[Dataset entries]
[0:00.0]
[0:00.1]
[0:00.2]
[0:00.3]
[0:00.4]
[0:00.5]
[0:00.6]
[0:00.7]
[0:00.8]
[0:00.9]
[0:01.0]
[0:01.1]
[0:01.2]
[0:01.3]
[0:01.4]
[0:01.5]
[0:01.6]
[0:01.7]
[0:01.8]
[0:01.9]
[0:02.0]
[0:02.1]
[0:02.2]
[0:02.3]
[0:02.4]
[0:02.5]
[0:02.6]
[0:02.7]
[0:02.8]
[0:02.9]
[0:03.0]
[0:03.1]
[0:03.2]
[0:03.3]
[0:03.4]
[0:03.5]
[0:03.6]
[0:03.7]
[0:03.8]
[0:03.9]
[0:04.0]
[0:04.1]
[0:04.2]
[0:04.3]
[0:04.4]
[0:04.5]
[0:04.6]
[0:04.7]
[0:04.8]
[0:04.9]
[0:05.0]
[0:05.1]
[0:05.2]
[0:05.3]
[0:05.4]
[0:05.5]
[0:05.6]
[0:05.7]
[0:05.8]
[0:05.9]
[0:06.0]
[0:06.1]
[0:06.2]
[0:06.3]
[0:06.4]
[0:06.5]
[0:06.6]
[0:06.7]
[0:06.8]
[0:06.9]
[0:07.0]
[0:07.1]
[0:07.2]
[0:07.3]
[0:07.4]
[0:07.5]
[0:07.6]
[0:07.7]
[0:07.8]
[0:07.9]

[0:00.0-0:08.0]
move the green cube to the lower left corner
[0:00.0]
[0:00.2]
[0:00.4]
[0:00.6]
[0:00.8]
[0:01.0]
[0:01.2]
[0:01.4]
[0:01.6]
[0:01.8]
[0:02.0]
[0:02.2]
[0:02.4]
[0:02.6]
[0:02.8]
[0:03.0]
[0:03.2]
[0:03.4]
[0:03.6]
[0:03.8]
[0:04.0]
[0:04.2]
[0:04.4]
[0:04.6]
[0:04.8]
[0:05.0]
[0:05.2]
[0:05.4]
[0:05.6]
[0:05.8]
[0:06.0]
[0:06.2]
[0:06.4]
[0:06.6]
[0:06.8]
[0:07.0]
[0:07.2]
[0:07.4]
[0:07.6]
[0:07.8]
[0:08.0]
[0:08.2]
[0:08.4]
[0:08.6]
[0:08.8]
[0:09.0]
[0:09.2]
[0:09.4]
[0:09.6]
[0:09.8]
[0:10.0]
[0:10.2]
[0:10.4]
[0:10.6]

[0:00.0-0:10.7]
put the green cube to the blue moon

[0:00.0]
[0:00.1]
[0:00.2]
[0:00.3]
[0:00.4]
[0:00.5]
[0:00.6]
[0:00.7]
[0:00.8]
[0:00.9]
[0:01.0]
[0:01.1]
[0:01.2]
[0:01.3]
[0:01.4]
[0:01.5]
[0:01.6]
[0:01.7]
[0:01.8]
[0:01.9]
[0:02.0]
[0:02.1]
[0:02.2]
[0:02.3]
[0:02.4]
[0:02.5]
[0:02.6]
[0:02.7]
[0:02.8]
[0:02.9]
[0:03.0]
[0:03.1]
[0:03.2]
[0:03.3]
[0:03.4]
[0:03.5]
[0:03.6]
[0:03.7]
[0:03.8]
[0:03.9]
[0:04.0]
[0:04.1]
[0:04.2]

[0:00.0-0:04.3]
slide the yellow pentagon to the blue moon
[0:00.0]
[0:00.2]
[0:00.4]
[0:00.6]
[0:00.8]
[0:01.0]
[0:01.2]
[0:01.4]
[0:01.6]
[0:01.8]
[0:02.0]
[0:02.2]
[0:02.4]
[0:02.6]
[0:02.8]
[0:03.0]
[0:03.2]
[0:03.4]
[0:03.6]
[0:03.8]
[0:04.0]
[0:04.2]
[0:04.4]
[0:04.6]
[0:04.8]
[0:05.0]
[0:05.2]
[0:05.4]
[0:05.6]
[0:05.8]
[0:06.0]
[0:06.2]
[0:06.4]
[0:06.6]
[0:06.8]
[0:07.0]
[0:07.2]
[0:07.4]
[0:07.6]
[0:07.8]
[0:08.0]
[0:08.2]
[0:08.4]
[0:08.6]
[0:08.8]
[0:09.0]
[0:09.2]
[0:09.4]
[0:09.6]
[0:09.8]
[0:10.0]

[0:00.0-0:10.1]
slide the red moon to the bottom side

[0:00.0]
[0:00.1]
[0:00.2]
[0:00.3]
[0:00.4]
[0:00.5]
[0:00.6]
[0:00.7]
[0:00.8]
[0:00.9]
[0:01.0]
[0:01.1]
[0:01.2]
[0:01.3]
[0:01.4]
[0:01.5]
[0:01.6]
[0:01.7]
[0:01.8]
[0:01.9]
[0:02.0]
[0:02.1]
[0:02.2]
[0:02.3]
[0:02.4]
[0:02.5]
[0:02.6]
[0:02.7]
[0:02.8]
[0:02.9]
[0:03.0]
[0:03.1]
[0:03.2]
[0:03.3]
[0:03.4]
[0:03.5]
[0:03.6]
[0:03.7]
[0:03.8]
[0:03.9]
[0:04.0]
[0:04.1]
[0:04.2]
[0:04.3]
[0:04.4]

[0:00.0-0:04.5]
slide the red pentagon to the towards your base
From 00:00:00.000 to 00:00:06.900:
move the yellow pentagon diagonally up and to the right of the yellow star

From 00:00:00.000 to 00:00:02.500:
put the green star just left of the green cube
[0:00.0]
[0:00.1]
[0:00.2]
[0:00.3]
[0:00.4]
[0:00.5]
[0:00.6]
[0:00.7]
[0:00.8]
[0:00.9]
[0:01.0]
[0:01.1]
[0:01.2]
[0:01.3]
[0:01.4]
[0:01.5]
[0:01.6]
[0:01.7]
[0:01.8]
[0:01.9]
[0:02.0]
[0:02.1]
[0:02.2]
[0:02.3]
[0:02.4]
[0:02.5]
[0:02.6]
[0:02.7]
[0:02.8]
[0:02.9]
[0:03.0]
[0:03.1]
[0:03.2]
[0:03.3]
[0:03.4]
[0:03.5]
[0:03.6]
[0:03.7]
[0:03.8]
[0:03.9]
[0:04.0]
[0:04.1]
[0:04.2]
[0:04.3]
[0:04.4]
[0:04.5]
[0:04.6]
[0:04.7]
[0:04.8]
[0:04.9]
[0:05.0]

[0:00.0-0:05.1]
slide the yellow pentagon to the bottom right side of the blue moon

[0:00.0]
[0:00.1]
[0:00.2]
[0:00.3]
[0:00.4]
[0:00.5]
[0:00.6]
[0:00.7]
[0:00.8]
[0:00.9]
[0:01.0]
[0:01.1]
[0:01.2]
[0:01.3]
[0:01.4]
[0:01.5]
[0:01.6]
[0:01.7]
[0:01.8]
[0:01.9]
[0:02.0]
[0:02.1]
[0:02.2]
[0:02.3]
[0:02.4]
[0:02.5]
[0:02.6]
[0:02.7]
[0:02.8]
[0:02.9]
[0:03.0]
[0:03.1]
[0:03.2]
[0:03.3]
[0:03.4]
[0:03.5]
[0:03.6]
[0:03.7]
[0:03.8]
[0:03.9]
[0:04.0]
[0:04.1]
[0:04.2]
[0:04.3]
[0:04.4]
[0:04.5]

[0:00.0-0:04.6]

• About this exercise
For every entry above, give it back exactly as written.

• Exercise response
[0:00.0]
[0:00.1]
[0:00.2]
[0:00.3]
[0:00.4]
[0:00.5]
[0:00.6]
[0:00.7]
[0:00.8]
[0:00.9]
[0:01.0]
[0:01.1]
[0:01.2]
[0:01.3]
[0:01.4]
[0:01.5]
[0:01.6]
[0:01.7]
[0:01.8]
[0:01.9]
[0:02.0]
[0:02.1]
[0:02.2]
[0:02.3]
[0:02.4]
[0:02.5]
[0:02.6]
[0:02.7]
[0:02.8]
[0:02.9]
[0:03.0]
[0:03.1]
[0:03.2]
[0:03.3]
[0:03.4]
[0:03.5]
[0:03.6]
[0:03.7]
[0:03.8]
[0:03.9]
[0:04.0]
[0:04.1]
[0:04.2]
[0:04.3]
[0:04.4]
[0:04.5]
[0:04.6]
[0:04.7]
[0:04.8]
[0:04.9]
[0:05.0]
[0:05.1]
[0:05.2]
[0:05.3]
[0:05.4]
[0:05.5]
[0:05.6]
[0:05.7]
[0:05.8]
[0:05.9]
[0:06.0]
[0:06.1]
[0:06.2]
[0:06.3]
[0:06.4]
[0:06.5]
[0:06.6]
[0:06.7]
[0:06.8]
[0:06.9]
[0:07.0]
[0:07.1]
[0:07.2]
[0:07.3]
[0:07.4]
[0:07.5]
[0:07.6]
[0:07.7]
[0:07.8]
[0:07.9]

[0:00.0-0:08.0]
move the green cube to the lower left corner
[0:00.0]
[0:00.2]
[0:00.4]
[0:00.6]
[0:00.8]
[0:01.0]
[0:01.2]
[0:01.4]
[0:01.6]
[0:01.8]
[0:02.0]
[0:02.2]
[0:02.4]
[0:02.6]
[0:02.8]
[0:03.0]
[0:03.2]
[0:03.4]
[0:03.6]
[0:03.8]
[0:04.0]
[0:04.2]
[0:04.4]
[0:04.6]
[0:04.8]
[0:05.0]
[0:05.2]
[0:05.4]
[0:05.6]
[0:05.8]
[0:06.0]
[0:06.2]
[0:06.4]
[0:06.6]
[0:06.8]
[0:07.0]
[0:07.2]
[0:07.4]
[0:07.6]
[0:07.8]
[0:08.0]
[0:08.2]
[0:08.4]
[0:08.6]
[0:08.8]
[0:09.0]
[0:09.2]
[0:09.4]
[0:09.6]
[0:09.8]
[0:10.0]
[0:10.2]
[0:10.4]
[0:10.6]

[0:00.0-0:10.7]
put the green cube to the blue moon

[0:00.0]
[0:00.1]
[0:00.2]
[0:00.3]
[0:00.4]
[0:00.5]
[0:00.6]
[0:00.7]
[0:00.8]
[0:00.9]
[0:01.0]
[0:01.1]
[0:01.2]
[0:01.3]
[0:01.4]
[0:01.5]
[0:01.6]
[0:01.7]
[0:01.8]
[0:01.9]
[0:02.0]
[0:02.1]
[0:02.2]
[0:02.3]
[0:02.4]
[0:02.5]
[0:02.6]
[0:02.7]
[0:02.8]
[0:02.9]
[0:03.0]
[0:03.1]
[0:03.2]
[0:03.3]
[0:03.4]
[0:03.5]
[0:03.6]
[0:03.7]
[0:03.8]
[0:03.9]
[0:04.0]
[0:04.1]
[0:04.2]

[0:00.0-0:04.3]
slide the yellow pentagon to the blue moon
[0:00.0]
[0:00.2]
[0:00.4]
[0:00.6]
[0:00.8]
[0:01.0]
[0:01.2]
[0:01.4]
[0:01.6]
[0:01.8]
[0:02.0]
[0:02.2]
[0:02.4]
[0:02.6]
[0:02.8]
[0:03.0]
[0:03.2]
[0:03.4]
[0:03.6]
[0:03.8]
[0:04.0]
[0:04.2]
[0:04.4]
[0:04.6]
[0:04.8]
[0:05.0]
[0:05.2]
[0:05.4]
[0:05.6]
[0:05.8]
[0:06.0]
[0:06.2]
[0:06.4]
[0:06.6]
[0:06.8]
[0:07.0]
[0:07.2]
[0:07.4]
[0:07.6]
[0:07.8]
[0:08.0]
[0:08.2]
[0:08.4]
[0:08.6]
[0:08.8]
[0:09.0]
[0:09.2]
[0:09.4]
[0:09.6]
[0:09.8]
[0:10.0]

[0:00.0-0:10.1]
slide the red moon to the bottom side

[0:00.0]
[0:00.1]
[0:00.2]
[0:00.3]
[0:00.4]
[0:00.5]
[0:00.6]
[0:00.7]
[0:00.8]
[0:00.9]
[0:01.0]
[0:01.1]
[0:01.2]
[0:01.3]
[0:01.4]
[0:01.5]
[0:01.6]
[0:01.7]
[0:01.8]
[0:01.9]
[0:02.0]
[0:02.1]
[0:02.2]
[0:02.3]
[0:02.4]
[0:02.5]
[0:02.6]
[0:02.7]
[0:02.8]
[0:02.9]
[0:03.0]
[0:03.1]
[0:03.2]
[0:03.3]
[0:03.4]
[0:03.5]
[0:03.6]
[0:03.7]
[0:03.8]
[0:03.9]
[0:04.0]
[0:04.1]
[0:04.2]
[0:04.3]
[0:04.4]

[0:00.0-0:04.5]
slide the red pentagon to the towards your base
From 00:00:00.000 to 00:00:06.900:
move the yellow pentagon diagonally up and to the right of the yellow star

From 00:00:00.000 to 00:00:02.500:
put the green star just left of the green cube
[0:00.0]
[0:00.1]
[0:00.2]
[0:00.3]
[0:00.4]
[0:00.5]
[0:00.6]
[0:00.7]
[0:00.8]
[0:00.9]
[0:01.0]
[0:01.1]
[0:01.2]
[0:01.3]
[0:01.4]
[0:01.5]
[0:01.6]
[0:01.7]
[0:01.8]
[0:01.9]
[0:02.0]
[0:02.1]
[0:02.2]
[0:02.3]
[0:02.4]
[0:02.5]
[0:02.6]
[0:02.7]
[0:02.8]
[0:02.9]
[0:03.0]
[0:03.1]
[0:03.2]
[0:03.3]
[0:03.4]
[0:03.5]
[0:03.6]
[0:03.7]
[0:03.8]
[0:03.9]
[0:04.0]
[0:04.1]
[0:04.2]
[0:04.3]
[0:04.4]
[0:04.5]
[0:04.6]
[0:04.7]
[0:04.8]
[0:04.9]
[0:05.0]

[0:00.0-0:05.1]
slide the yellow pentagon to the bottom right side of the blue moon

[0:00.0]
[0:00.1]
[0:00.2]
[0:00.3]
[0:00.4]
[0:00.5]
[0:00.6]
[0:00.7]
[0:00.8]
[0:00.9]
[0:01.0]
[0:01.1]
[0:01.2]
[0:01.3]
[0:01.4]
[0:01.5]
[0:01.6]
[0:01.7]
[0:01.8]
[0:01.9]
[0:02.0]
[0:02.1]
[0:02.2]
[0:02.3]
[0:02.4]
[0:02.5]
[0:02.6]
[0:02.7]
[0:02.8]
[0:02.9]
[0:03.0]
[0:03.1]
[0:03.2]
[0:03.3]
[0:03.4]
[0:03.5]
[0:03.6]
[0:03.7]
[0:03.8]
[0:03.9]
[0:04.0]
[0:04.1]
[0:04.2]
[0:04.3]
[0:04.4]
[0:04.5]

[0:00.0-0:04.6]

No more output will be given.